Re: vorbisgain/wavgain peak question
Reply #3
Okay so if I decode to 32-bit is there a way to determine from wavegain what the peak would be in 16-bit integer? Would decoding to 32-bit float (or 24-bit integer) but still dividing by 2^15 give me the 1.094500 value? I suppose I can try.

  • DVDdoug
  • [*][*][*][*][*]
Re: vorbisgain/wavgain peak question
Reply #4
Quote
Okay so if I decode to 32-bit is there a way to determine from wavegain what the peak would be in 16-bit integer? Would decoding to 32-bit float (or 24-bit integer) but still dividing by 2^15 give me the 1.094500 value? I suppose I can try.
You lost me there with the division, but anything above 1.0 has to be derived from a floating-point value.    1.0 = 100% = 0dB = the maximum integer count for the given bit depth.

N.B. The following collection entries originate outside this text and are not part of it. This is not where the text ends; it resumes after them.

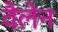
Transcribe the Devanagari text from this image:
वैलेन
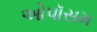
ઓપૉસમ
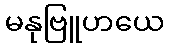
မနုဗြူဟယေ
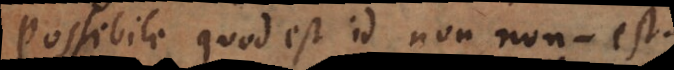
Possibile quod est, id non non‐est.
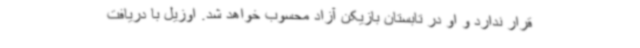
قرار ندارد و او در تابستان بازیکن آزاد محسوب خواهد شد. اوزیل با دریافت
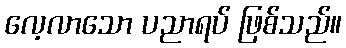
လေ့လာသော ပညာရပ် ဖြစ်သည်။
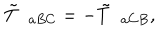
LaTeX: \tilde { T } _ { \; \; a B C } = - \tilde { T } _ { \; \; a C B } ,
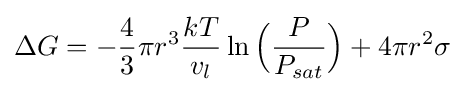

That 35863 number is "artificial" because you can't count that high with a 16-bit signed integer.    And at 24-bits 35000 is somewhere in the ballpark of -50dB, so it's not on a 24-bit scale.     ...It can be a 32-bit (or more) integer, but once it's converted to 16-bits it gets clipped.         
  • Last Edit: 27 November, 2017, 06:24:33 PM by DVDdoug

  • saratoga
  • [*][*][*][*][*]
Re: vorbisgain/wavgain peak question
Reply #5
Okay so if I decode to 32-bit is there a way to determine from wavegain what the peak would be in 16-bit integer? Would decoding to 32-bit float (or 24-bit integer) but still dividing by 2^15 give me the 1.094500 value? I suppose I can try.

If you decode to 32 bit float (-1 to +1 scale), you should get a floating point peak value (1.094500).  You got an integer peak value before because you were using integers; it is just giving you the actual largest value in the file, whatever format that happens to be.

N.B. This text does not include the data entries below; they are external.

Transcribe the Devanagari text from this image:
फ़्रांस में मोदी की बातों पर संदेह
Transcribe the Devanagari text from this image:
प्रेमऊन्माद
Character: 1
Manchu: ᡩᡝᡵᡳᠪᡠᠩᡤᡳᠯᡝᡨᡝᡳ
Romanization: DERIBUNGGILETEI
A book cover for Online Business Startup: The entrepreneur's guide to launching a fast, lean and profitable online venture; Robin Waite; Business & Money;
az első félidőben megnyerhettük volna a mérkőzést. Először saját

Re: vorbisgain/wavgain peak question
Reply #6
I couldn't figure out how to decode vorbis to float but when decoding opus there's a --float switch that converts to 32-bit wave and running wavegain on the result gives an integer peak - and one higher than 2^15.

I suspect that dividing the peak from 32-bit wave as reported by wavegain by 2^15 will give me what I'm after but I'm not positive.

-=-

What I'm trying to do is figure out a way to generate accurate replaygain tags to use in Matroska.

I'm hoping that if I decode the lossy to wave and use wavegain I can get tags that are good. Looks like decoding to 32-bit might be necessary for an accurate peak tag, but seems ffmpeg doesn't like doing it, I've only gotten ffmpeg to like making 16 bit wav.

vorbis I don't really care about, I just wanted to see if I could generate similar numbers with wavegain on a decoded vorbis that vorbisgain produced.

opus and acc are the only lossy I really care about. Decoding aac to 32-bit wave without ffmpeg on a linux server may require a fancy gstreamer pipeline with a fluendo plugin.

I don't know why I care about this as much as I do.

Re: vorbisgain/wavgain peak question
Reply #7
Interesting results using faad to decode and then looking with wavegain -

Code: [Select]
    Gain   |  Peak  | Scale | New Peak |Left DC|Right DC| Track
           |        |       |          |Offset | Offset |
 --------------------------------------------------------------
  -4.63 dB |  32766 |  0.59 |    19228 |    0  |     0  | 16aac.wav
  -6.78 dB |  32767 |  0.46 |    15012 |   25  |    58  | 24aac.wav
  -5.97 dB |  32767 |  0.50 |    16479 |  -40  |   -36  | 32aac.wav
  -4.63 dB |  34124 |  0.59 |    20024 |    0  |     0  | 32faac.wav

16 bit, 24 bit, 32 bit, 32 float

The first three seem bound by 2^15 but the float one is not.

24-bit integer and 32-bit integer have DC offset but 16-bit integer and 32-bit float do not (same source .m4a)

Playing in VLC the 24-bit and 32-bit integer faad outputs are clearly severely damaged.

Seems faad decoding is dangerous.

  • Case
  • [*][*][*][*][*]
  • Developer (Donating)
Re: vorbisgain/wavgain peak question
Reply #8
You can decode to float with ffmpeg by using ffmpeg -i <sourcefile> -acodec pcm_f32le <outputfile>.

But if your intention is to just ReplayGain scan and tag Matroska, why don't you do it with foobar2000? It will write accurate peaks and even allows you to write true peak values, if you wish.